Sie fuhr herum. Webster stand in Socken auf der obersten Stufe der kleinen Treppe, die von der Veranda herunterführte. Er hatte Charlies Flanellhemd übergezogen, und da es offen stand, ließ es die nackte Brust sehen. Die graue Jogginghose, die Tonya ihm als Schlafanzug angeboten hatte, saß bedrohlich tief, als wollte sie ihm jeden Moment von den schlanken Hüften rutschen. Tonya sah viel mehr gebräunte Haut und viel mehr seidiges Brusthaar, als für ihren Seelenfrieden gut war. Mit dieser Figur könnte er ohne weiteres Werbung machen für ein Fitnesscenter – oder für Designerwäsche.
Verflixt, wenn sie zu wenig Sex-Appeal hatte, so hatte dieser Mann einfach zu viel. Ihr wurde heiß bei dem Anblick, und sie wusste vor Verlegenheit nicht, wo sie hinsehen sollte.
Hastig wandte sie sich ab, um die Kolibris zu beobachten, doch ihr Puls flatterte so heftig wie die Flügel der kleinen Vögel. Aber war das ein Wunder? Ein solches Prachtexemplar von einem Mann schneite einem schließlich nicht jeden Tag ins Haus.
Webster sollte nicht so gut aussehen in Charlies abgetragenen sackartigen Sachen. Er war verschlafen, sein Haar war zerstrubbelt, er hatte Druckstellen vom Kissen auf den Wangen, die einen leichten Bartschatten aufwiesen, und sein Blick war noch leicht verhangen. Und dennoch wirkte er durch und durch maskulin, geradezu urig in dieser wildromantischen Umgebung. Die kühle Luft hatte dafür gesorgt, dass seine Brustwarzen hart waren wie kleine Perlen. Wie gern hätte Tonya sie zärtlich gerieben und gestreichelt …
Leider war Webster auch der Grund, warum sie in der letzten Nacht fast kein Auge zugetan hatte. Durch sein plötzliches Auftauchen hatte er all ihre lang verdrängten, beunruhigenden Gefühle wieder aufgerührt. Von Ausgeglichenheit und Ruhe war sie weit entfernt.

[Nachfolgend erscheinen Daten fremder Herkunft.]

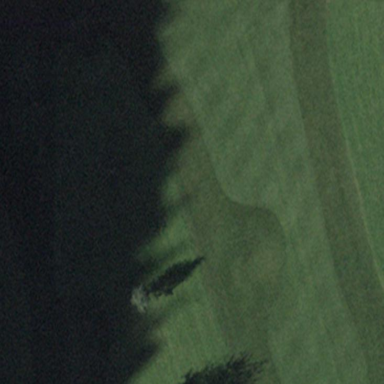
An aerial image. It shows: Grassy area designated as golf fairway.
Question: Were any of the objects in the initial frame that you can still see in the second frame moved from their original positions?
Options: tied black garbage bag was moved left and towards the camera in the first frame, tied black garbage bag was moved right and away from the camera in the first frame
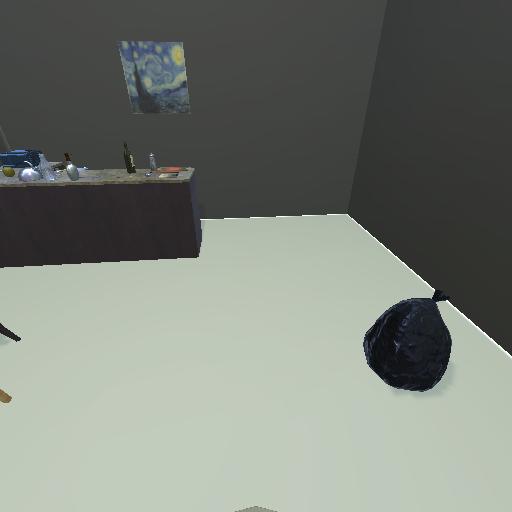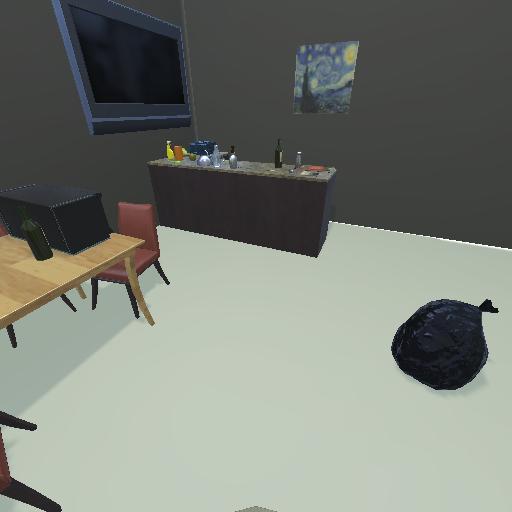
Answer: tied black garbage bag was moved left and towards the camera in the first frame
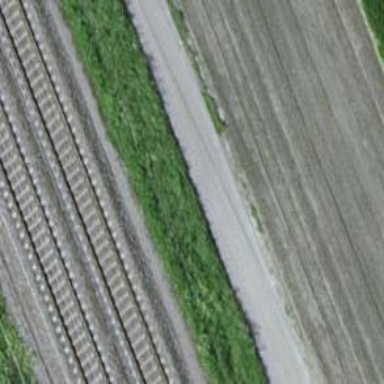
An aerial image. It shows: Asphalt track with grade 1 tracktype.
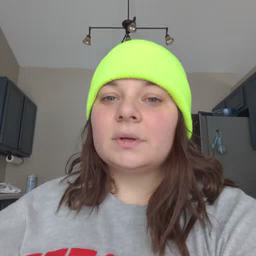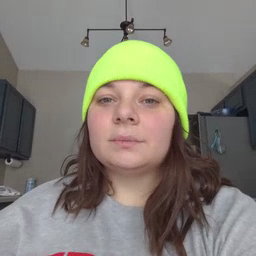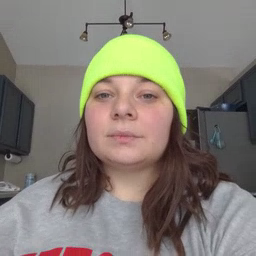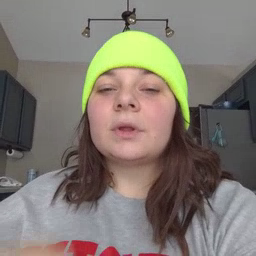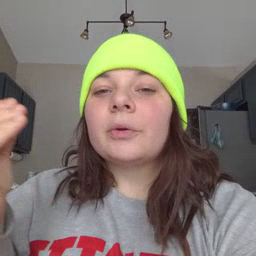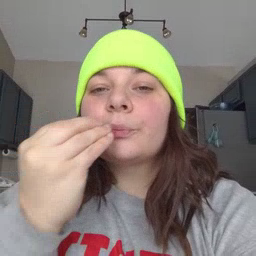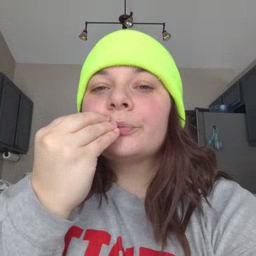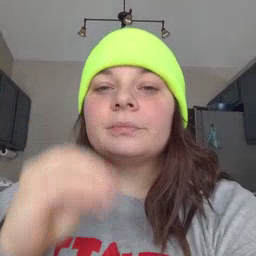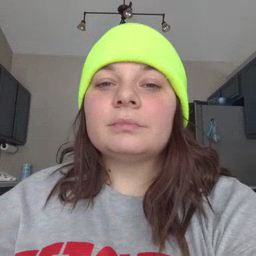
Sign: kiss
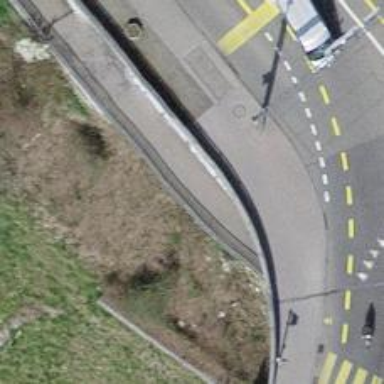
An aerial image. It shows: Footway tunnel.

"Kolibris", erklärte Tonya schließlich und versuchte, sich wieder zu fangen. Auf keinen Fall durfte er merken, welch überwältigende Wirkung er auf sie hatte. "Um diese Zeit ziehen sie nach Süden. Eigentlich hätte ich ihnen kein Futter mehr geben sollen." Sie zuckte mit den Schultern. "Ich konnte mich nicht dazu überwinden. Sie sind so hübsch. Ich beobachte sie gern, wenn sie pfeilschnell auf den Futterplatz zusteuern und dann wieder in den Fichten verschwinden."

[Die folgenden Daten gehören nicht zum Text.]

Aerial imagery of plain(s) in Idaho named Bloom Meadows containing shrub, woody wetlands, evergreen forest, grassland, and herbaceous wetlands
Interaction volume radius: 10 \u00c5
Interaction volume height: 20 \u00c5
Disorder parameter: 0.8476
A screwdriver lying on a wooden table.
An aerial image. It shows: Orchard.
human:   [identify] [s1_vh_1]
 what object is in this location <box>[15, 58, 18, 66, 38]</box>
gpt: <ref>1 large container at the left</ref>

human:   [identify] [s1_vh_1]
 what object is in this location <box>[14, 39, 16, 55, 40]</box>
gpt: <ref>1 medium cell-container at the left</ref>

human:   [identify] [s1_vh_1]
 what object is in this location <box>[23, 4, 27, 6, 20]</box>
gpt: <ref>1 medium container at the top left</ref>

Sie wusste, sie würde vielem aus Charlies Waldgebiet nachtrauern, wenn sie abgereist war. Es gab unzählige schöne Momente und Überraschungen. Doch im Grunde wollte sie mit ihrem Reden nur vermeiden, dass sie wie eine Närrin Websters Brust anstarrte. Seine Muskeln. Seine Lippen, die sie zu gern auf ihren gespürt hätte. Sogar seine Bartstoppeln fand sie sexy. Sie verliehen ihm etwas Verwegenes und Gefährliches, und sie fragte sich, wie gnadenlos er wohl sein konnte, wenn er etwas durchsetzen wollte.
Er gähnte und rieb sich den Schlaf aus den Augen. Wie schön, dass wenigstens einer von ihnen beiden einen gesunden Schlaf gehabt hatte. Sie würde für die durchwachten Stunden schwer büßen. Aber sie hatte bereits beschlossen, sich an Webster dafür zu rächen, sobald sie die Bären, die sich am Rand der Lichtung versammelten, gefüttert hatte.
"Aha, der Sturm aufs Frühstücksbüffet setzt ein", bemerkte Webster dicht hinter ihr.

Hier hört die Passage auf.